Let $X$ be a topological space and $Y$ be a metric space, $A \subseteq X$ compact. We denote $\mathcal{T}_u^A$ for the topology of the uniform convergence on $C(A,Y)$.
Consider the source:
$$(r_A: C(X,Y) \to (C(A,Y), \mathcal{T}_u^A): f \mapsto f\vert_A)_{A \subseteq X \mathrm{ \ compact}}$$
And define $\mathcal{T}_{uc}$ as the initial topology for this source.
My book then claims the following:
Let $X$ be a Hausdorff space and $Y$ be a metric space. Then $\mathcal{T}_c = \mathcal{T}_{uc}$ where $\mathcal{T}_c$ is the compact-open topology on $C(X,Y)$
It provides the following proof:
Proof: This is an immediate consequence of the definition of initial structures and the fact that if $X$ is compact Hausdorff and $Y$ is metrizable, then $\mathcal{T}_u = \mathcal{T}_c \square$
I can't see why this is true. I can see that from that fact it follows that for $A \subseteq X$ compact it follows that $\mathcal{T}_c^A = \mathcal{T}_u^A$ (since subspaces of Hausdorff spaces are Hausdorff), but I can't see how the result follows from "the definition of initial structures".
First the required background on initial topologies: If $\{f_i: X \to (Y_i, \mathcal{T}_i): i \in I\}$ is a source, then a subbase for the initial topology is given by $\{f_i^{-1}[O]: O \in \mathcal{T}_i, i \in I\}$.
In fact, if $\mathcal{S}_i$ is a given (sub)base for $(Y_i, \mathcal{T}_i)$, then we can also use $$\{f_i^{-1}[O] : O \in \mathcal{S}_i, i \in I\}$$
as a subbase for the initial topology, as can easily be checked, using the definition of initial topology and properties of inverse images.
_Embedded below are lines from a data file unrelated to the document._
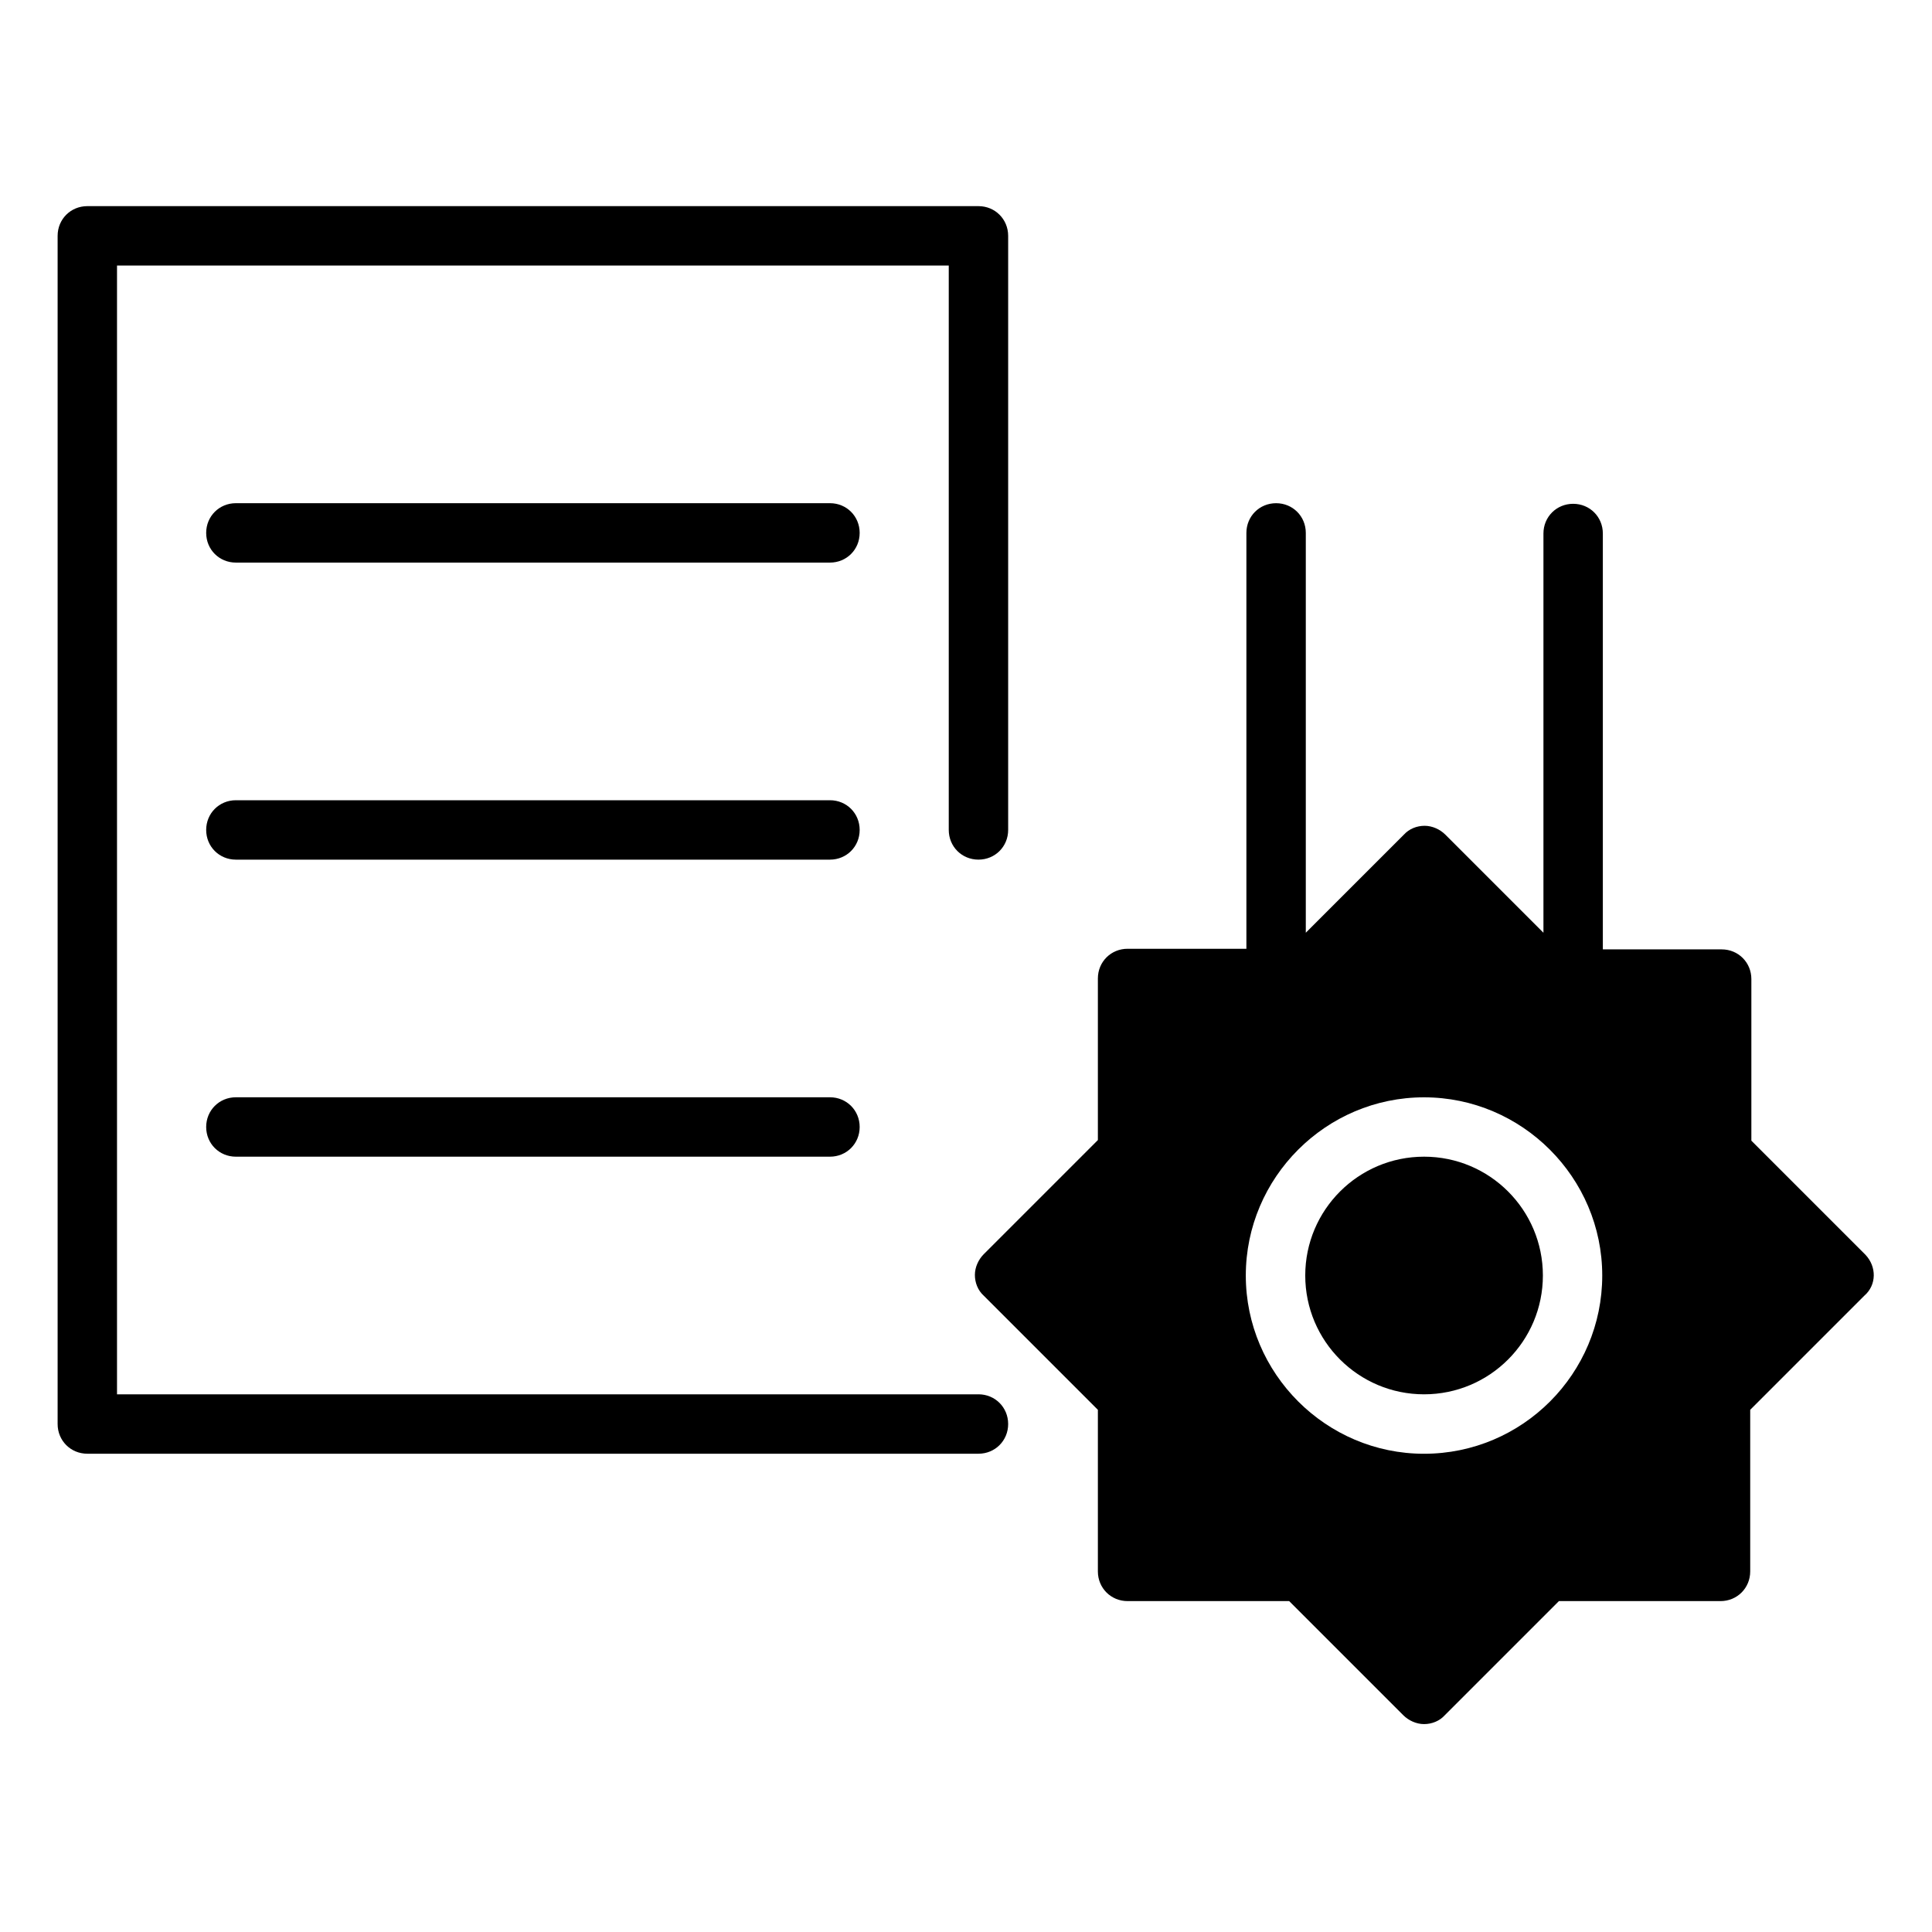 <?xml version="1.0" encoding="UTF-8"?>
<!-- Uploaded to: SVG Repo, www.svgrepo.com, Generator: SVG Repo Mixer Tools -->
<svg fill="#000000" width="800px" height="800px" version="1.1" viewBox="144 144 512 512" xmlns="http://www.w3.org/2000/svg">
 <g>
  <path d="m403.3 513.51h-228.29v-299.14h220.42v149.57c0 4.41 3.465 7.871 7.871 7.871 4.41 0 7.871-3.465 7.871-7.871v-157.44c0-4.41-3.465-7.871-7.871-7.871h-236.16c-4.41 0-7.871 3.465-7.871 7.871v314.88c0 4.41 3.465 7.871 7.871 7.871h236.16c4.41 0 7.871-3.465 7.871-7.871 0-4.41-3.461-7.875-7.871-7.875z"/>
  <path d="m363.95 277.35h-157.44c-4.41 0-7.871 3.465-7.871 7.871 0 4.41 3.465 7.871 7.871 7.871h157.44c4.41 0 7.871-3.465 7.871-7.871s-3.465-7.871-7.871-7.871z"/>
  <path d="m363.95 356.07h-157.44c-4.41 0-7.871 3.465-7.871 7.871 0 4.41 3.465 7.871 7.871 7.871h157.44c4.41 0 7.871-3.465 7.871-7.871 0-4.41-3.465-7.871-7.871-7.871z"/>
  <path d="m363.95 434.79h-157.44c-4.41 0-7.871 3.465-7.871 7.871 0 4.41 3.465 7.871 7.871 7.871h157.44c4.41 0 7.871-3.465 7.871-7.871s-3.465-7.871-7.871-7.871z"/>
  <path d="m552.88 482.02c0 17.391-14.098 31.488-31.488 31.488s-31.488-14.098-31.488-31.488c0-17.391 14.098-31.488 31.488-31.488s31.488 14.098 31.488 31.488"/>
  <path d="m638.36 476.52-30.23-30.23v-42.824c0-4.41-3.465-7.871-7.871-7.871h-31.488v-110.21c0-4.41-3.465-7.871-7.871-7.871-4.41 0-7.871 3.465-7.871 7.871v105.8l-25.977-25.977c-1.418-1.418-3.465-2.363-5.512-2.363s-4.094 0.789-5.512 2.363l-25.977 25.977v-105.96c0-4.41-3.465-7.871-7.871-7.871-4.41 0-7.871 3.465-7.871 7.871v110.21h-31.488c-4.41 0-7.871 3.465-7.871 7.871v42.824l-30.23 30.23c-1.418 1.418-2.363 3.465-2.363 5.512 0 2.047 0.789 4.094 2.363 5.512l30.23 30.23v42.824c0 4.41 3.465 7.871 7.871 7.871h42.824l30.23 30.23c1.418 1.418 3.465 2.363 5.512 2.363s4.094-0.789 5.512-2.363l30.23-30.23h42.824c4.41 0 7.871-3.465 7.871-7.871v-42.824l30.23-30.23c3.297-2.836 3.297-7.715 0.305-10.863zm-116.98 52.742c-25.977 0-47.23-21.254-47.23-47.23 0-25.977 21.254-47.23 47.23-47.23 25.977 0 47.23 21.254 47.23 47.23 0 25.977-21.098 47.23-47.23 47.23z"/>
 </g>
</svg>

Now to your source $r_A: C(X,Y) \to (C(A, Y), \mathcal{T}^A_u)$: we can use that $\mathcal{T}^A_u = \mathcal{T}^A_c$ as $A$ is compact Hausdorff and $Y$ is metric, and so we can use the standard compact-open subbase $\{[K,O]^A: K \subseteq A \text{ compact }, O \subseteq Y \text{ open }\}$ for $\mathcal{T}^A_c$ as a subbase for the uniform topology $\mathcal{T}^A_u$, where $[K,O]^A = \{f \in C(A,Y): f[K] \subseteq O\}$. (the superscript $A$ is unusual and only for didactic purposes).
So using these subbases and the aforementioned fact for initial topologies, a subbase for $\mathcal{T}_{uc}$ then becomes
$$\{(r_A)^{-1}[[K,O]^A]: A \subseteq X \text{ compact}, K \subseteq A \text{ compact }, O \subseteq Y \text{ open} \}$$
Now note that by the definitions $r_A^{-1}[[K,O]^A] = [K,O] := \{f \in C(X,Y): f[K] \subseteq O\}$ (clearly, $f|_A[K] = f[K]$ when $K \subseteq A \subseteq X$) where the latter is a standard subbasic element of $\mathcal{T}_c$, and that the above subbase then just becomes (cutting out the "middle men" $A$, as every $K$ is just a compact subset of $X$ too, and we can use $A=K$ for the other direction):
$$\{[K,O]: K \subseteq X \text{ compact}, O \subseteq Y \text{ open}\}$$
which is just the standard subbase for $\mathcal{T}_c$. Topologies with the same subbase are the same, by definition.